El tercero en liza es la coalición de centroizquierda del ex primer ministro toscano Matteo Renzi. Sufre las consecuencias de la tradicional división de la izquierda italiana, que ha impedido que todas las formaciones de esta parte del arco político se presentaran juntas (recordemos que la escisión del Partido Democrático, conocido como Articolo I-Movimento Democratico e Progressista ha hecho coalición con Sinistra, Ecologia e Libertà, siendo el resultado Libres e Iguales). A pesar de ello, todo apunta a que la coalición encabezada por Renzi puede alcanzar el 26-27% de los votos gracias sobre todo a haber sumado a su partido a la formación (Piu Europa) de Emma Bonino, una de las políticas italianas de mayor prestigio (ha sido eurodiputada y también titular de Asuntos Exteriores). Bonino resulta fundamental para captar el voto tanto femenino como progresista, en una coalición donde también estará la Lista Civica de Beatrice Lorenzin, Ministra de Sanidad en los Gobiernos Letta, Renzi y Gentiloni.

En ese sentido, sabiendo que el norte es cuestión de Forza Italia y de la Lega, y que en la parte más meridional del país no tienen prácticamente apoyo, van a jugar fuerte la baza de Paolo Gentiloni, aún primer ministro y que ha ganado muchos puntos a ojos de los italianos por su rigurosa gestión durante el año y tres meses que lleva al frente del Ejecutivo italiano, destacando su capacidad para controlar los fuertes flujos migratorios que proceden del norte de África, principalmente de la costa libia. De ahí que, a sabiendas que el centro-norte de Italia (Toscana, Emilia-Romagna, Las Marcas) es su principal surtidor de votos, tratará de aumentar su número de apoyos en la región del Lazio, compitiendo en Roma contra la formación que normalmente suele ser la más votada en este parte del país (los Fratelli d´Italia de Meloni).
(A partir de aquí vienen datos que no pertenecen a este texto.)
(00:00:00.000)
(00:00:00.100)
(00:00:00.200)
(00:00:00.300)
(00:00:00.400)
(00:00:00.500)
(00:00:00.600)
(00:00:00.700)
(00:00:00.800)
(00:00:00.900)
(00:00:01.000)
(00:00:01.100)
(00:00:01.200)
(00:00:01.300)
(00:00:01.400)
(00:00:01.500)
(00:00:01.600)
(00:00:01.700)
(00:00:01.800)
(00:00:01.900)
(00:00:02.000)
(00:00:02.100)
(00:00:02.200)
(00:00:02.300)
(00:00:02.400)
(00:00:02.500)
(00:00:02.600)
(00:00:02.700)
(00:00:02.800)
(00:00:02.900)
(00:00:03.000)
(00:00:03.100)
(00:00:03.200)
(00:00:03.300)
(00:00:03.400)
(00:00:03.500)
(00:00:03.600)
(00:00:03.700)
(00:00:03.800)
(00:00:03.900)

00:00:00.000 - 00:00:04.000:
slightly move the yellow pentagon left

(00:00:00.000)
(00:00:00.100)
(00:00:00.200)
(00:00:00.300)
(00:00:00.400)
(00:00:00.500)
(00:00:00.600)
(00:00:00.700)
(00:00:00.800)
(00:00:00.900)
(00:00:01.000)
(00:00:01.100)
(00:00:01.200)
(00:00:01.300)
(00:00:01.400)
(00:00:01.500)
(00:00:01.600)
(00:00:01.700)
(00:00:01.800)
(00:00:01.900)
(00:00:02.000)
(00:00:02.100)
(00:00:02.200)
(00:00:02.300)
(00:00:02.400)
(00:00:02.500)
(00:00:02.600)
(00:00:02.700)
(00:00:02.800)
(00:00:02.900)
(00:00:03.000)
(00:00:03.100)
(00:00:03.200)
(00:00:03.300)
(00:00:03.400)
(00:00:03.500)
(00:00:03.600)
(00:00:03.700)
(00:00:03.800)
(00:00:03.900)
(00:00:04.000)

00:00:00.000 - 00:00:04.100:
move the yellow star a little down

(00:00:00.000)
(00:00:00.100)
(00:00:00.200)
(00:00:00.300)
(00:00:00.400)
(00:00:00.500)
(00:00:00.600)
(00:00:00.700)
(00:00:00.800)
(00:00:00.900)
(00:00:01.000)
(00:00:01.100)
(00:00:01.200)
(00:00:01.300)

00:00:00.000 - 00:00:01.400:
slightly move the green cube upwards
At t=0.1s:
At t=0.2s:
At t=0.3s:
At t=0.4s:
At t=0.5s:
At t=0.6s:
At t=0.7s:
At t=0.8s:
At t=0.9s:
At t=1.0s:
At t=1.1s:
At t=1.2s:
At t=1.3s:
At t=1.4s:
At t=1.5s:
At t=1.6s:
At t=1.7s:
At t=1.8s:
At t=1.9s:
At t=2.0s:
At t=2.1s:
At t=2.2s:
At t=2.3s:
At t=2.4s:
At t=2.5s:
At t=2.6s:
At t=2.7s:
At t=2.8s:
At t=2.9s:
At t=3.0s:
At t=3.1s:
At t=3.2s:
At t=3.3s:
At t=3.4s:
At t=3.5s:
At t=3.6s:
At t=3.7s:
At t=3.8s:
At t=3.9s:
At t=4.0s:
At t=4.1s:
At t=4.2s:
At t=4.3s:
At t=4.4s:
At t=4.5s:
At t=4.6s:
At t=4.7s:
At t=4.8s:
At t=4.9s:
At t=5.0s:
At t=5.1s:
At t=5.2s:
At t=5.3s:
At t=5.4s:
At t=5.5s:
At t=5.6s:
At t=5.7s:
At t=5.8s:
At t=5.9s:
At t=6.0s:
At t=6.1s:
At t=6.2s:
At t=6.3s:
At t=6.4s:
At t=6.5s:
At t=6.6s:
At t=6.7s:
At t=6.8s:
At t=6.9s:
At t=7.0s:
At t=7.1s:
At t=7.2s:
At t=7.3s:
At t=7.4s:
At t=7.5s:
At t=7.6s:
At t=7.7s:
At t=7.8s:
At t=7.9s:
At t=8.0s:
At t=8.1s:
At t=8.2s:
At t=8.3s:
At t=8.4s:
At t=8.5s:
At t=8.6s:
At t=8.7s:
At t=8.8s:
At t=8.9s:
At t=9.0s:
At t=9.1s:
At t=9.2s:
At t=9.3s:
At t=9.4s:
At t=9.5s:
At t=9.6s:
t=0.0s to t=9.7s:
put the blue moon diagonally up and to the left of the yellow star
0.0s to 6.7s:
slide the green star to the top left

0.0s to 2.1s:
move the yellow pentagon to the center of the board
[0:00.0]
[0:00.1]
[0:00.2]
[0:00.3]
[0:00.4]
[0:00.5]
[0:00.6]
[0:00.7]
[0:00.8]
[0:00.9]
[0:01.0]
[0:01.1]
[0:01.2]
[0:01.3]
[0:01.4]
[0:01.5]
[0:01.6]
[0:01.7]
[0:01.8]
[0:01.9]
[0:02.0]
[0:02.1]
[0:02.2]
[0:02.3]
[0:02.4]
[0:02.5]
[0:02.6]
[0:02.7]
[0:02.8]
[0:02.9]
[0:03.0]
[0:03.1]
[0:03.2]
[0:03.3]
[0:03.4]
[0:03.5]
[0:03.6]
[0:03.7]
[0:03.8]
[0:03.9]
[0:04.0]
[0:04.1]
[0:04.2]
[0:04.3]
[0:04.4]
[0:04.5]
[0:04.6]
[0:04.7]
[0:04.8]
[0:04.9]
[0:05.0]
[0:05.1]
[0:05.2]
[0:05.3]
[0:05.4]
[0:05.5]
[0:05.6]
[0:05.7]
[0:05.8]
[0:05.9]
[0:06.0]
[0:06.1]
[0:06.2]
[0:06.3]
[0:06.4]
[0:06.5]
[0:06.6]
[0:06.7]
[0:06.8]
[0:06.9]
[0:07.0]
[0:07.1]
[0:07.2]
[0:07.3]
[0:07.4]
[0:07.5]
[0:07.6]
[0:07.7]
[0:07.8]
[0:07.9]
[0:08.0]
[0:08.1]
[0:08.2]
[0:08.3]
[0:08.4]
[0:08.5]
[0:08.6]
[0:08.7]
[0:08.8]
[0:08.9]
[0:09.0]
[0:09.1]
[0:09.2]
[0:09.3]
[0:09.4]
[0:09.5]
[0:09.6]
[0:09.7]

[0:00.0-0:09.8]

Lo cierto es que las instituciones europeas vuelven a contener la respiración ante lo que pueda suceder, en unas elecciones donde la abstención puede alcanzar cifras “récord” ante la falta de tirón de los candidatos. Se busca ante todo que la estabilidad iniciada en tiempos de Monti y continuada con Letta, Renzi y Gentiloni puede seguir una legislatura más, en un país que aún debe hacer mucho para combatir su abultada deuda pública, su alto nivel de desocupación juvenil y el saneamiento de una importante parte de su sector bancario. En ese sentido, la solución más factible, si las encuestas se acaban confirmando en las urnas, sería una reedición del pacto entre el Partido Democratico y Forza Italia, siendo la principal incógnita si al final Gentiloni recibirá el encargo de formar un nuevo gobierno o si, por el contrario, es Antonio Tajani el elegido para encabezar el ejecutivo número 65 de la historia republicana italiana.